De facto, o seu temperamento afectivo não envolve só a família. Dirige-se também aos companheiros de luta, e, em primeiro lugar, ao maun boot Xanana. Tivemos já ocasião de transcrever parte da carta que Konis lhe dirigiu depois de ter recebido a primeira que ele enviou de Cipinang, e em que exprime com grande veemência a intensidade dos seus sentimentos. Reforcemos este exemplo com uma passagem de outra carta sua a David Alex, em Agosto de 1991, quando a convalescença dos ferimentos recentes, o isolamento e a morte de muitos companheiros, tornavam mais dura a dramática situação em que se encontrava depois da ofensiva de Suro Kraik, e, por isso, a necessidade de apoio moral: «Não esperava poder receber nesta tarde a sua mensagem [...]. Não imagina quão grande foi a explosão de alegria que eu tive, quando a recebi [...]. Foi, na verdade, um momento de particular emoção e de alegria incontida, pois, mal refeito das convulsões psicológicas resultantes da situação por que passamos, a sua mensagem produziu efeitos que, no plano moral, [me fizeram] sentir mais de perto o seu calor fraternal. As suas palavras manifestam o seu profundo sentir de um autêntico irmão, que, na distância infinita, nos transmite o calor meigo e fraterno do apoio moral de que tanto necessitamos [...]. Irmanados no objectivo que todos nós buscamos continuamente ao longo destes duros [...] anos de guerra, as nossas derrotas, as nossas fraquezas, o nosso sangue vertido e as nossas mortes sem campas, unem-nos cada vez mais, e tornam-nos mais irmãos. As nossas alegrias, as nossas tristezas, a nossa dor, os nossos sofrimentos são também vossos, e é tudo isso que nos forja na luta e que constitui a coesão da nossa unidade, tornando inquebrantáveis os laços fraternos que nos ligam e nos unem na vida e na morte» (DRT Dili, maço 50, doc. 47).

Também nisto a afectividade de Konis é exemplar. Encontram-se frequentemente expressões do mesmo género em muitas outras cartas de guerrilheiros. Um estudo linguístico acerca das principais características da sua correspondência mostra a especial associação, surpreendente para a mentalidade europeia ou americana, de dois sentimentos opostos na cultura ocidental, o afecto e o respeito, mas que os guerrilheiros, como membros de uma família muito unida associam entre si como sentimentos inseparáveis.
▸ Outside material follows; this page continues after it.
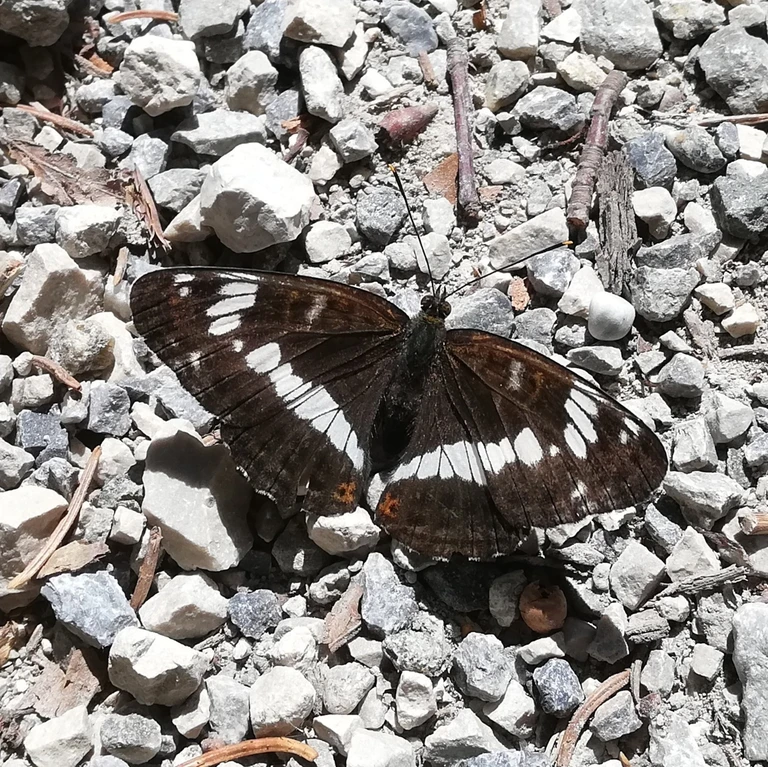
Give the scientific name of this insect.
Limenitis camilla (also Ladoga camilla)
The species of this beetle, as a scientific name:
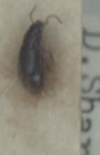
Bradycellus ruficollis

Transpondo para a língua portuguesa um dado cultural timorense que lhe é alheio, as cartas dos guerrilheiros estão cheias de expressões como «Querido», «longos abraços», «irmão», «saudades», «calorosas saudações», «abraço de muita fraternidade», pedidos de desculpa por deixar passar muito tempo sem escrever, recordações de encontros anteriores ou de vivência em comum, referências a parentes, lembranças dos «saudosos» companheiros já mortos... (cf. M. J. A. Carvalho, 2004). Assim, Konis, particularmente sensível aos sentimentos humanos e ao dramatismo da luta, do sofrimento e da morte, não faz mais do que representar exemplarmente um aspecto comum a toda a Resistência. As condições da luta, obrigando a acentuar os laços fraternos por meio da abnegação em favor do grupo, tornaram essas emoções especialmente intensas. De resto, a rendição de alguns companheiros, o desinteresse de alguns compatriotas ou a traição dos vendidos ao inimigo tornavam esta relação fraterna um valor ainda mais apreciado.
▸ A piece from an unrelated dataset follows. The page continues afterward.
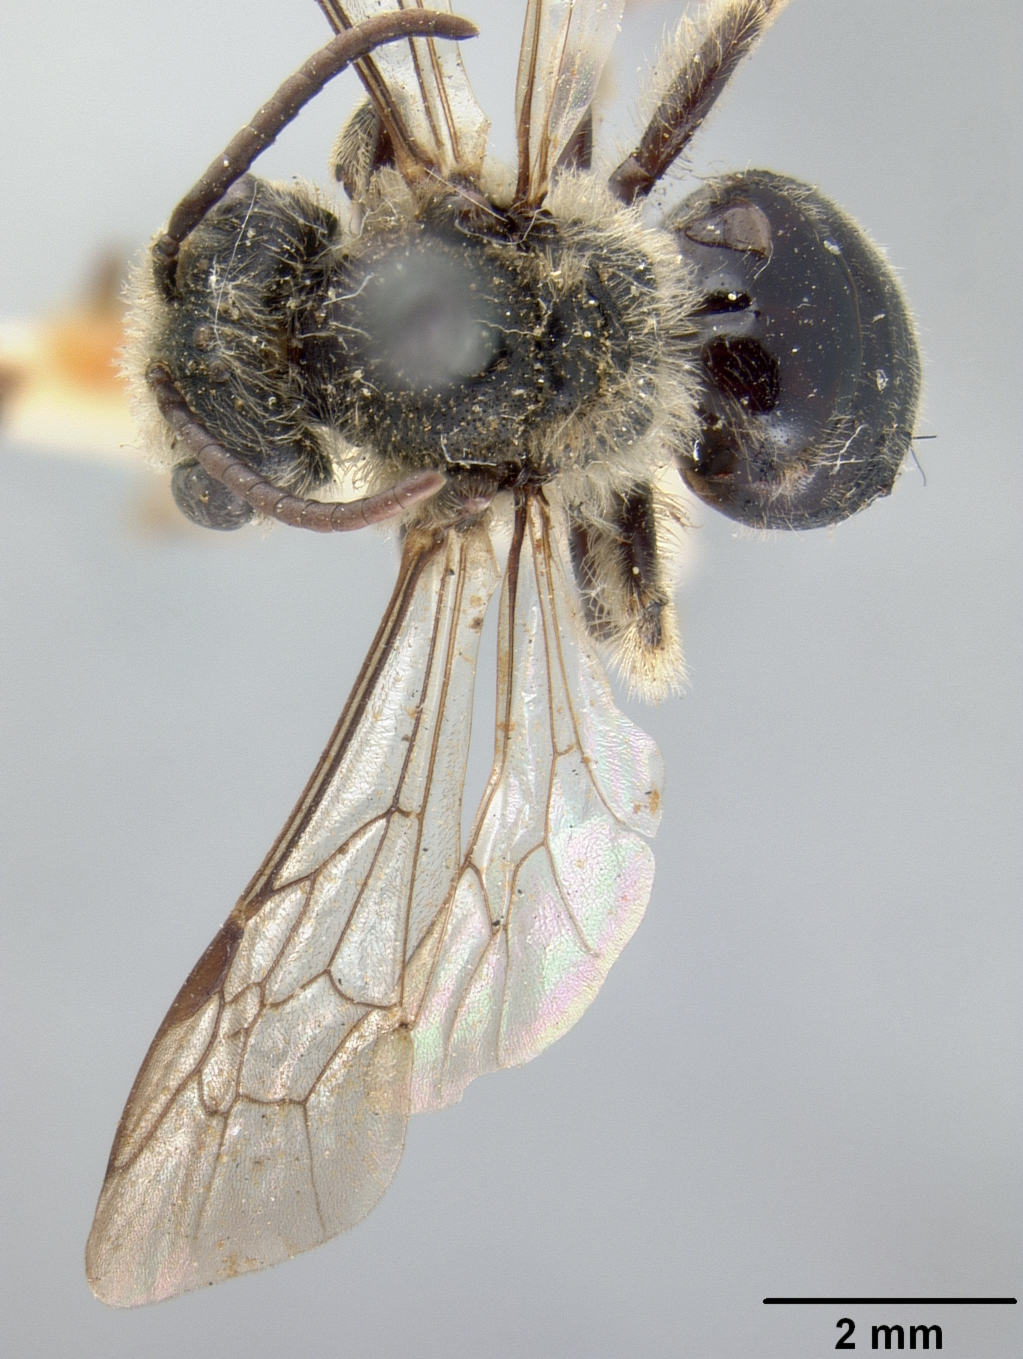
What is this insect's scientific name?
Andrena cressonii

Num plano diferente, podemos citar a carta que Konis escreveu a uma senhora de nome Mena (talvez irmã de Sabalae, admite Somotxo) que lhe tinha escrito antes e a que ele responde com grande delicadeza, apesar de não se lembrar exactamente de quem é. Esta carta mostra que a sua afectividade não se dirige apenas aos companheiros de luta, mas também a simpatizantes de um círculo mais alargado: «Mas, por outro lado, não devo deixar de manifestar a minha profunda alegria e congratulação pela sua iniciativa, que é merecedora de elogios, de honra e de louvor, e que criou em mim uma afeição particular para receber a sua iniciativa com carinho. Fiquei profundamente emocionado porque a sua iniciativa traz algo de especial que só a morte fará escapar da [minha] memória, e a compreender cada vez melhor que tratarmo-nos como irmãos tem um alcance político profundo que ultrapassa as relações estritamente familiares, porque acima de tudo estamos irmanados no mesmo ideal, numa mesma causa pela qual lutamos: a causa da libertação da nossa Pátria, a causa da independência do nosso Povo». Depois destas expressões afectuosas escreve um texto mais impessoal, mas sentido, acerca do papel da mulher timorense na Resistência (DRT Dili?). Dir-se-ia que o afecto e a fraternidade se tornam formas estratégicas de manter a Resistência unida e de fortalecer a Luta.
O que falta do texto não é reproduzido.